Teaching Human Behavior Improves Content Understanding Abilities Of VLMs

Abstract

Communication is defined as "Who says what to whom with what effect." A message from a communicator generates downstream receiver effects, also known as behavior. Receiver behavior, being a downstream effect of the message, carries rich signals about it. Even after carrying signals about the message, the behavior signal is often ignored while training vision language models. We show that training VLMs on receiver behavior can actually help improve their content-understanding abilities. We demonstrate that training VLMs to predict receiver behaviors, such as likes, comments, and replay graphs, which are available at scale, enhances the VLM's performance across a broad range of downstream content understanding tasks. We show this performance increase over 6 types of behavior, 46 different tasks covering image, video, text and audio over 26 benchmark datasets across both 0-shot and fine-tuning settings, outperforming many supervised baselines on diverse tasks ranging from emotion recognition to captioning by upto 150%. We note that since receiver behavior, such as likes, comments, and replay graphs, is collected by default on the internet and does not need any human annotations to be useful, the performance improvement we get after training on this data is essentially free-lunch. We also release BLIFT, our Behaviour-LLaVA IFT dataset comprising of 730k images and videos with their receiver behavior collected from multiple platforms on which we train our models to achieve this.

Five Factors of Communication

The diagram shows how receiver behavior (comments, likes, etc.) contains valuable signals about content, including temporal, cognitive, character, context, and user opinion information. This data, which is collected by default on internet platforms, is often ignored during VLM training but can significantly enhance content understanding.

Performance Across Content Understanding Tasks

Behavior-LLaVA achieves significant improvements across a diverse range of content understanding tasks:

Task	0-Shot Improvement over Llama-Vid
LVU	21.49%
Video Ad Understanding	43.18%
Video Emotion	51.85%
Image and Video Memorability	186.4%
Video QA	0.6%
Image Emotion	29.14%
Image Dense Captioning	4.95%
HVU	5.88%
Audio Summarization	30%
Sentiment Analysis	4.73%

Free Lunch from Receiver Behavior

Below are qualitative examples demonstrating Behavior-LLaVA's understanding of aesthetics, characters, world knowledge, emotion, and spatial relationships. The red text in the descriptions highlights these key aspects captured by the model.

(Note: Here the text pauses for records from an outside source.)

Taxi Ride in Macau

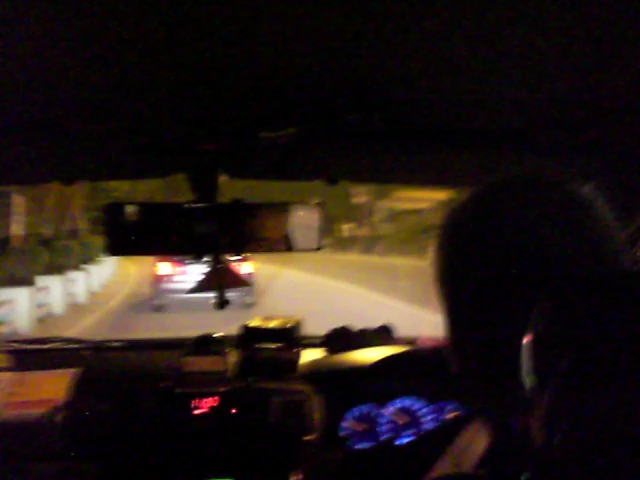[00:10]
Just got done eating dinner. I'm already ready to puke. Oh, watch out for those people.
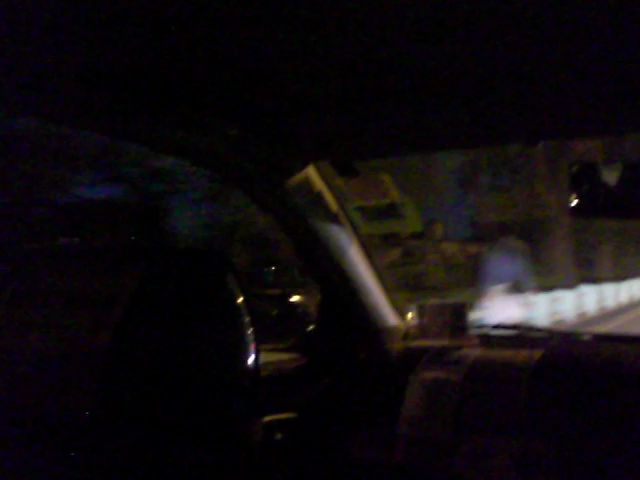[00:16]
The cab driver was actually a stunt double in Chuck Norris' Red Dragon the Third.
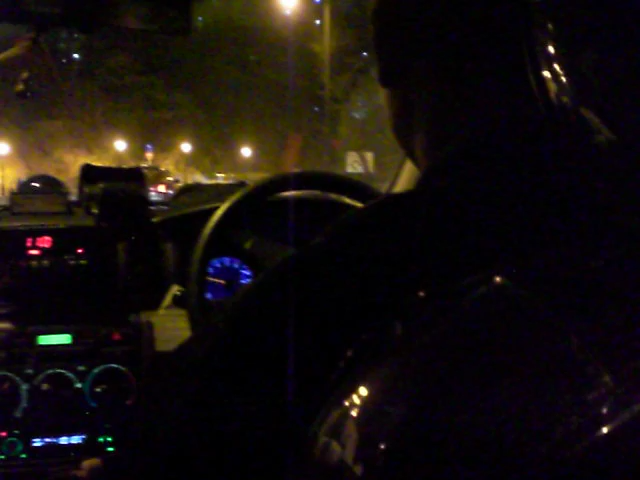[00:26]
And we're going into turn three.
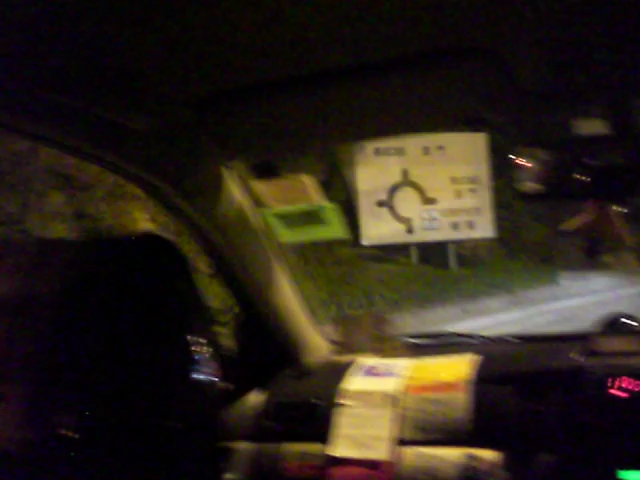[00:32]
We're on the Guaylo Expressway here. Oh, dude! We almost clipped that fucking bus.
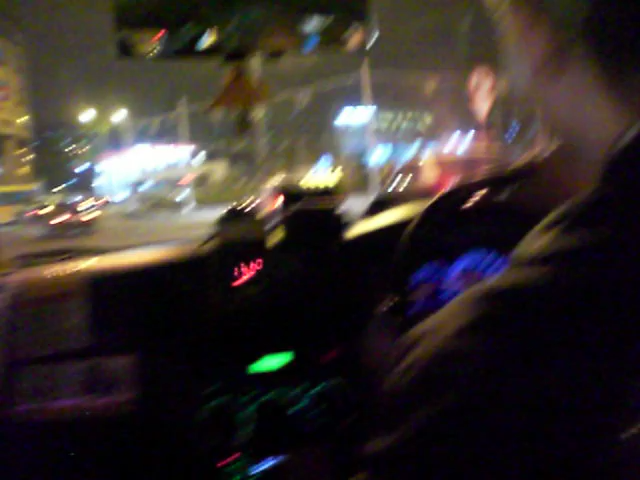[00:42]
We're already dragging one scooter under our tail end. You ran over a Chinaman! Not Bongo Watang!
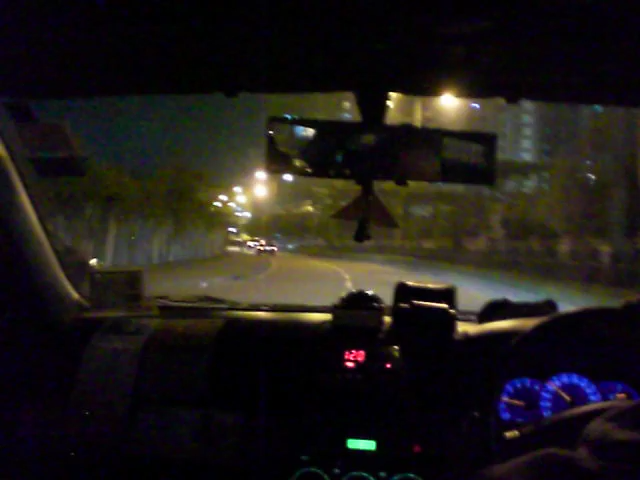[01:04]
No, no! Not Bongo Watang! Anywhere but this. That was a nice quiet straightaway. Let's see what we get here going into this turn.

The Volkswagen ad titled begins with a group of three women seated excitedly in a Volkswagen Jetta, the driver sporting a wide smile as she grips the steering wheel. The voiceover sets a nostalgic tone, likening the Jetta to unforgettable first experiences like a first kiss or hearing indie rock for the first time—a symbol of newfound freedom and excitement.

As the scenes unfold, the camera captures the trio cruising down winding roads, their laughter blending with the music and the wind tousling their hair. The atmosphere inside the car is one of camaraderie and adventure, with the Jetta serving as the backdrop to their shared moments of joy and spontaneity.

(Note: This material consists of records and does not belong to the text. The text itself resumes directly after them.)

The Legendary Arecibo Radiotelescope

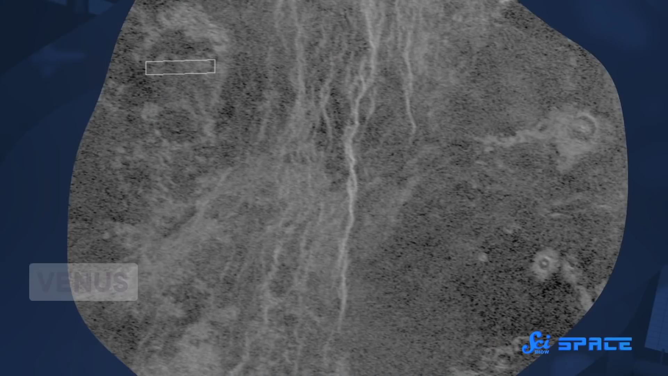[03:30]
The echoes reveal mountains on Venus, the shape of nearby asteroids, and much else besides.
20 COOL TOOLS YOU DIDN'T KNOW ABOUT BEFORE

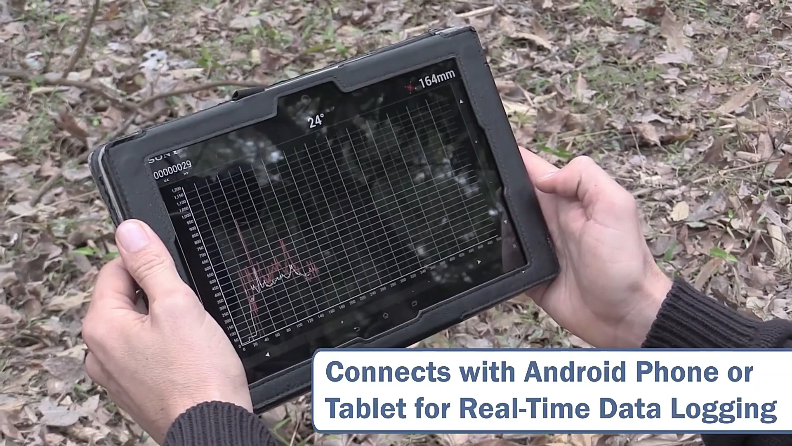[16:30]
Its user-friendly interface allows data to be wirelessly transferred in real-time to a smartphone, laptop,

Transitioning to a wider shot of the Jetta gliding along a scenic highway, surrounded by lush greenery, the ad evokes a sense of exploration and the open road. The visuals seamlessly blend modern-day cruising with vintage footage of classic Volkswagen vehicles, reflecting on the brand's 75-year history in America, starting with the beloved Beetle.

The ad concludes with the Volkswagen logo and the tagline "An American Love Story", encapsulating the enduring relationship between Volkswagen and its drivers across generations. This phrase serves as a tribute to Volkswagen's 75-year history in America, beginning with the iconic Type 1 vehicles fondly known as "The Beetle" Through its nostalgic narrative and captivating visuals, the teaser promises viewers an immersive journey into the essence of Volkswagen—a timeless icon that has been a part of countless cherished memories on the American road.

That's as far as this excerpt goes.